## Your task:
Every entry should be repeated exactly. Omit the pictures.

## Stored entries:
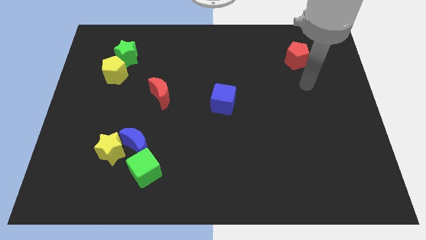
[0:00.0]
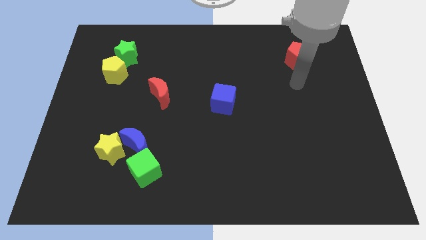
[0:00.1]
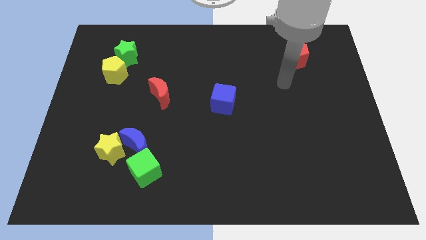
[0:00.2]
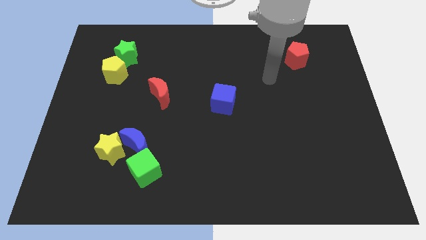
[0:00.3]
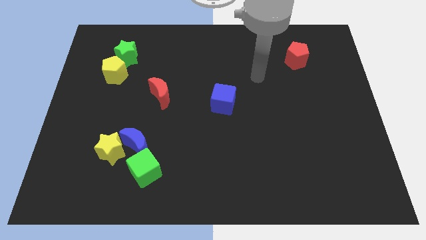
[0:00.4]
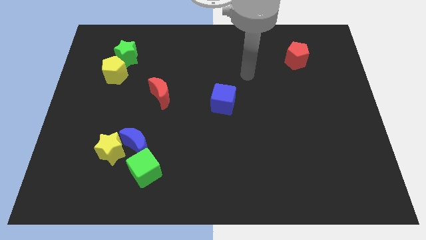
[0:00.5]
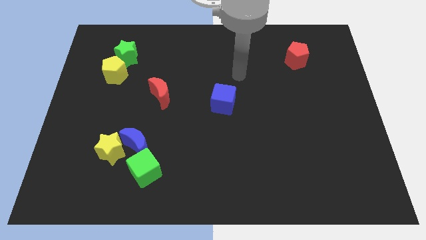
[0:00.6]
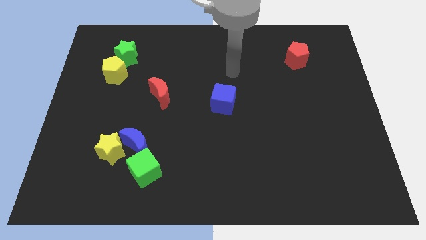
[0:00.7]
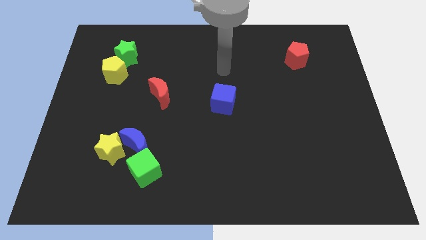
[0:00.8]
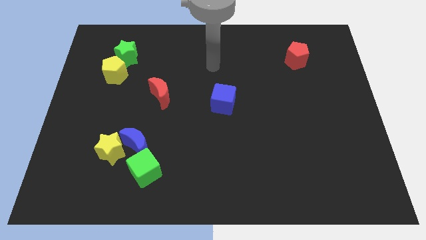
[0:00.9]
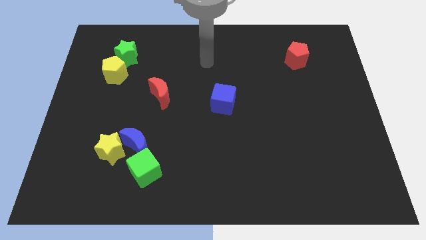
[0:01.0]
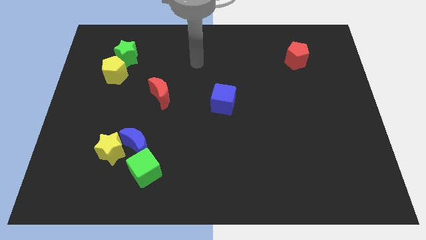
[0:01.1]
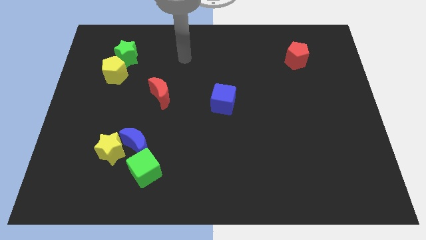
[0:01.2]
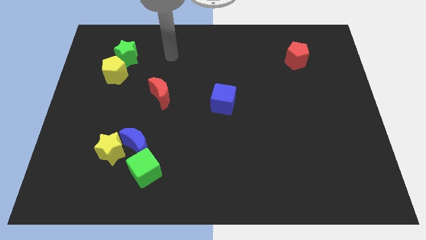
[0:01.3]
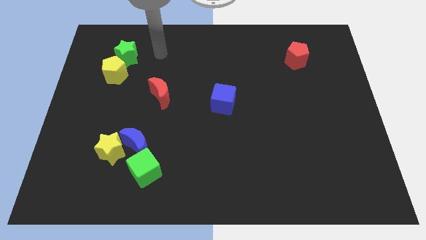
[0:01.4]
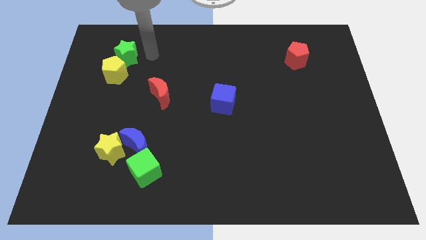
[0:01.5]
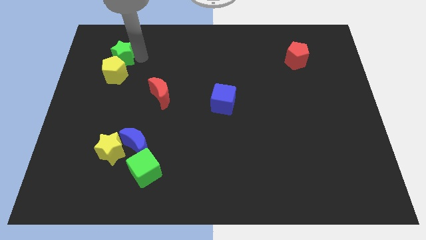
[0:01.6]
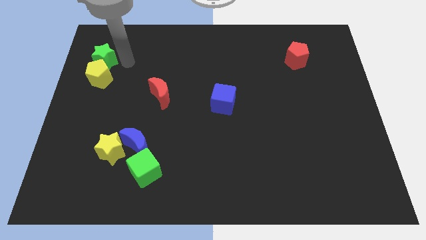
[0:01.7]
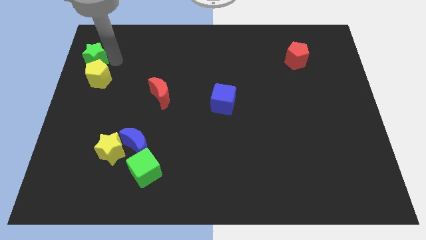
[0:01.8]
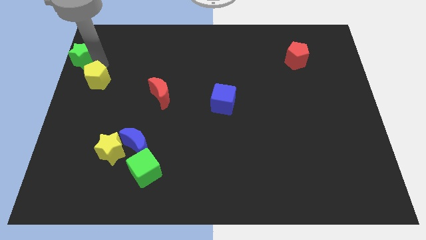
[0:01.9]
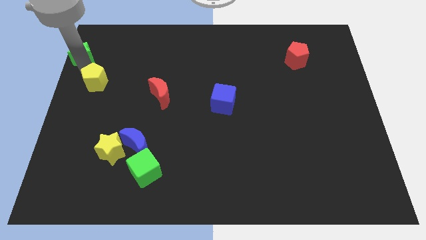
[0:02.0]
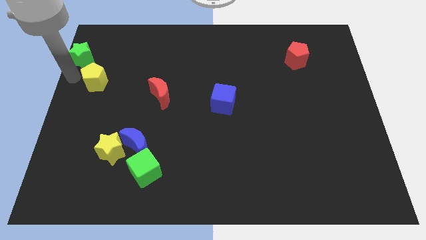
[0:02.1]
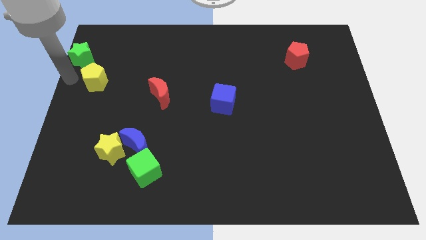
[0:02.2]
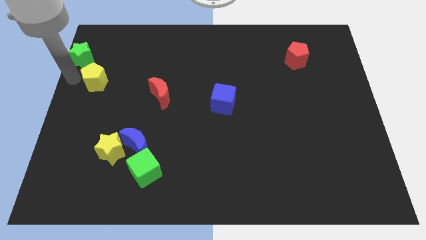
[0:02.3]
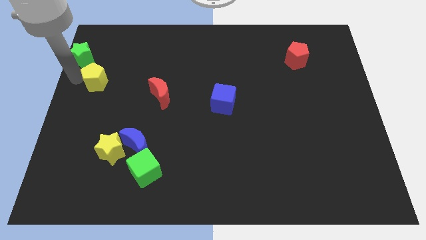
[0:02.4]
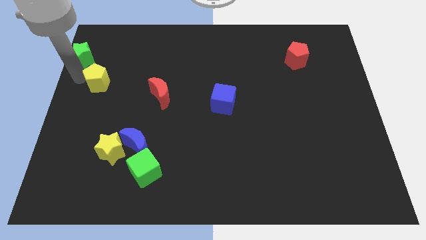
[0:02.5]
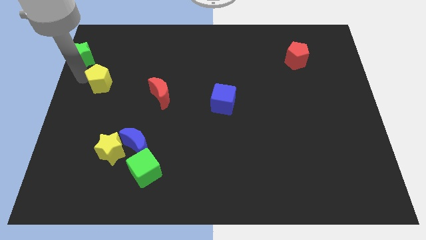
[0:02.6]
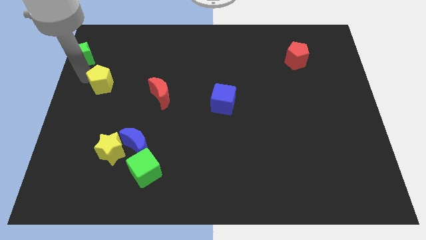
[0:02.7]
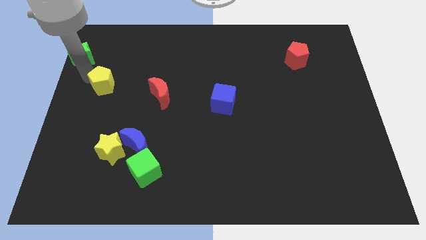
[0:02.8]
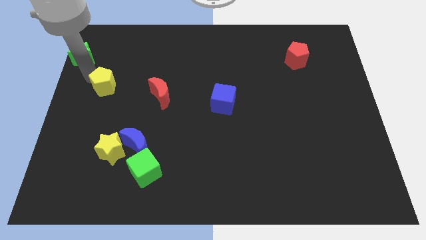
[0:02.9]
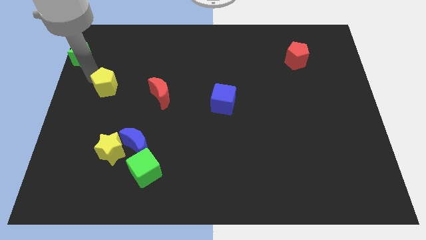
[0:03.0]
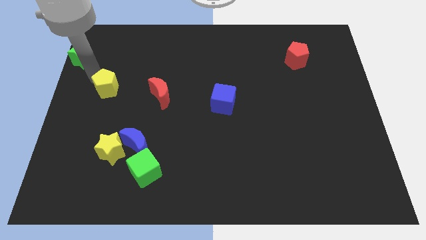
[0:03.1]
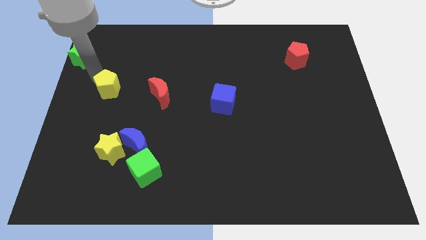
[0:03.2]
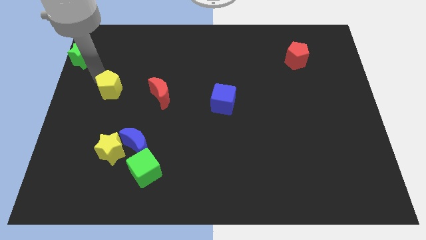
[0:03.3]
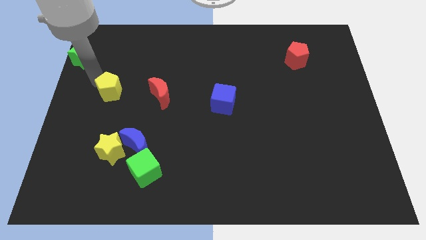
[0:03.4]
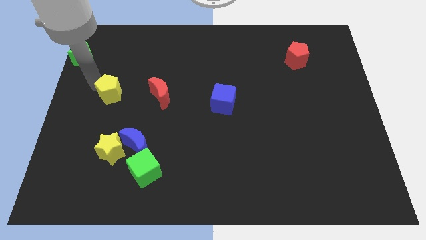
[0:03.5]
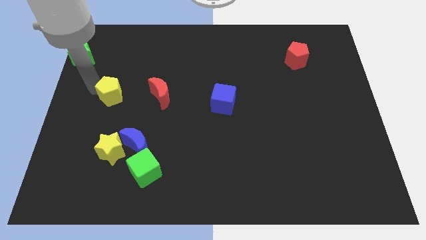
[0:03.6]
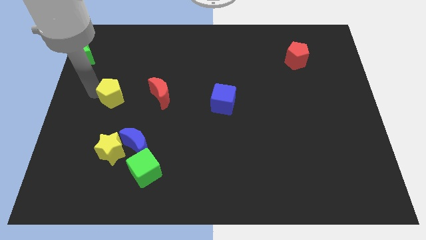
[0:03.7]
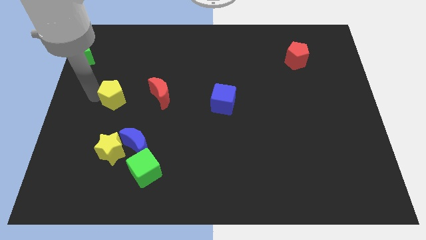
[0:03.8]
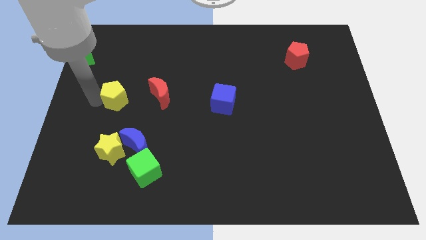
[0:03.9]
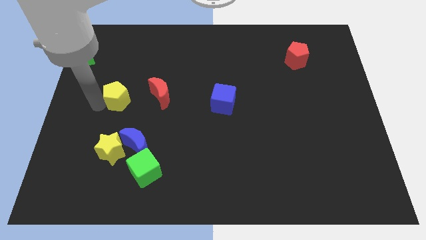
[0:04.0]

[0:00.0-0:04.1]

## Written answer:
[0:00.0]
[0:00.1]
[0:00.2]
[0:00.3]
[0:00.4]
[0:00.5]
[0:00.6]
[0:00.7]
[0:00.8]
[0:00.9]
[0:01.0]
[0:01.1]
[0:01.2]
[0:01.3]
[0:01.4]
[0:01.5]
[0:01.6]
[0:01.7]
[0:01.8]
[0:01.9]
[0:02.0]
[0:02.1]
[0:02.2]
[0:02.3]
[0:02.4]
[0:02.5]
[0:02.6]
[0:02.7]
[0:02.8]
[0:02.9]
[0:03.0]
[0:03.1]
[0:03.2]
[0:03.3]
[0:03.4]
[0:03.5]
[0:03.6]
[0:03.7]
[0:03.8]
[0:03.9]
[0:04.0]

[0:00.0-0:04.1]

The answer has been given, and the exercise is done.